Scientists replicate conditions moments after the Big Bang
what exactly were the conditions moments after the Big Bang - the theory that the universe began with the explosion of dense matter. The answer has eluded scientists for decades. Recently, a pathbreaking experiment involving scientists from 20 countries, including India, recreated the Big Bang and generated a state of matter that existed briefly after the creation of the Universe.
The experiment, which cost about us $4 billion, is expected to assist scientists understand the origin of the Universe and the state of matter.
The 'Little Bang' - as the experiment was called - is the culmination of a series of seven experiments and was a shortlived fireball that attained temperatures of a million million degrees Celsius - 100,000 times as hot as the centre of the sun.These were the exact conditions that existed 10 microseconds after the formation of the Universe, when temperatures shot up extremely high and energy was very concentrated.

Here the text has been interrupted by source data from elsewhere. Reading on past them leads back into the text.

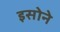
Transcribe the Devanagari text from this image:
इसोने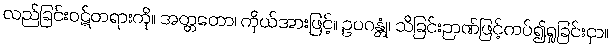
လည်ခြင်းဝဋ်တရားကို။ အတ္တတော၊ ကိုယ်အားဖြင့်။ ဥပဂန္တုံ၊ သိခြင်းဉာဏ်ဖြင့်ကပ်၍ရှုခြင်းငှာ။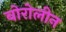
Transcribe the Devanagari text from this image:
बोरोलीन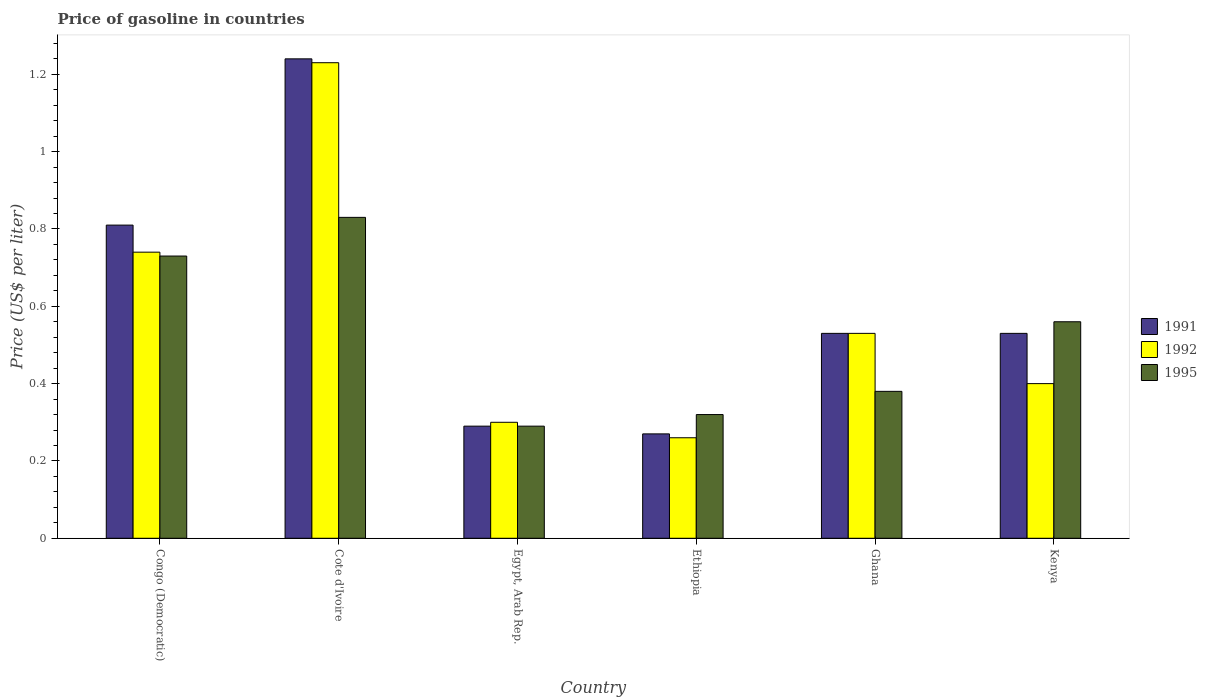
| Country | 1991 | 1992 | 1995 |
 | --- | --- | --- | --- |
 | Congo (Democratic) | 0.81 | 0.74 | 0.73 |
 | Cote d'Ivoire | 1.24 | 1.23 | 0.83 |
 | Egypt, Arab Rep. | 0.29 | 0.3 | 0.29 |
 | Ethiopia | 0.27 | 0.26 | 0.32 |
 | Ghana | 0.53 | 0.53 | 0.38 |
 | Kenya | 0.53 | 0.4 | 0.56 |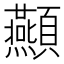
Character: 𮨤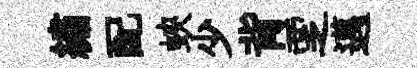
繡配蛺少背覂邁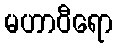
မဟာဝီရော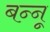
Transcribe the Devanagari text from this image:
बन्‍नू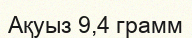
Ақуыз 9,4 грамм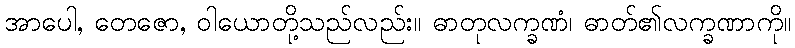
အာပေါ, တေဇော, ဝါယောတို့သည်လည်း။ ဓာတုလက္ခဏံ၊ ဓာတ်၏လက္ခဏာကို။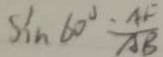
S i n 6 0 ^ { \circ } = \frac { A F } { A B }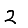
Digit: 2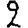
Digit: 2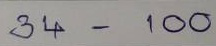
34 -100

Scientists at Geneva's Cern Laboratories, using the Super Proton Synchrotron, accelerated lead ions to close to the speed of light and smashed them into lead targets. The scientists used lead because the metal is very heavy and a lot of energy is released in the process. This produced a hot mixture in which quarks - the tiniest particles of matter - roamed around freely instead of being bound together as they are in all normal matter.
In theory such a condition could have been created in which quarks and gluons - the massless particles that keep the quarks together - existed freely, in a state known as a quark-gluon plasma. In an extremely short span of time they would have condensed into the normal particles such as protons and neutrons.

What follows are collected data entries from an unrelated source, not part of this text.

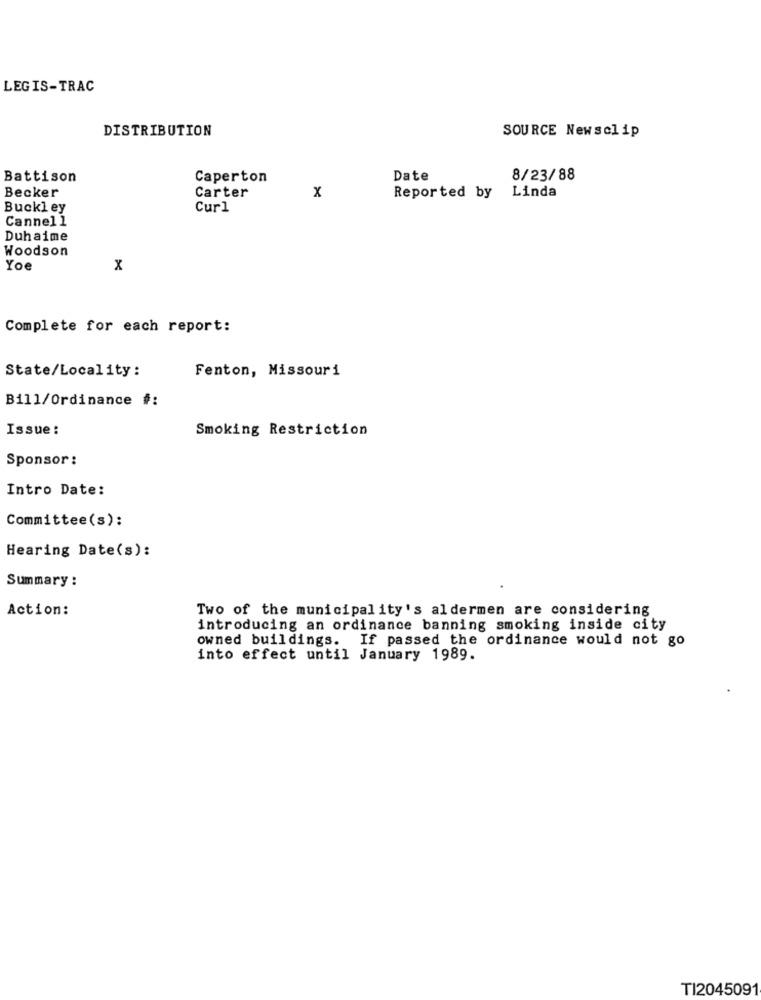
LEGIS-TRAC
DISTRIBUTION
SOURCE Newsclip
Battison
Caperton
Date
8/23/88
Becker
Carter
x
Reported by
Linda
Buckley
Curl
Cannell
Duhaime
Woodson
Yoe
x
Complete for each report:
State/Locality:
Fenton, Missouri
Bill/Ordinance #:
Issue :
Smoking Restriction
Sponsor :
Intro Date:
Committee(s):
Hearing Date(s):
Summary :
Action:
Two of the municipality's aldermen are considering
introducing an ordinance banning smoking inside city
owned buildings. If passed the ordinance would not go
into effect until January 1989.
TI2045091

"The fireball exists for only the tiniest fraction of a second," David Evans of the University of Birmingham said. "We have to work out what happens by studying the particles that escape from the fireball."
These results are another piece in the jigsaw puzzle, that began with the Greek idea of matter as built of atoms, particles that were once considered indivisible. However, the 20th century brought a change in thinking as the atoms were proved to be divisible and a number of subatomic particles emerged.
The standard model - the theory favoured by physicists today - asserts that all these particles are made up of even more basic particles - quarks- held together by gluons. But till this experiment no machine had been able to isolate a quark.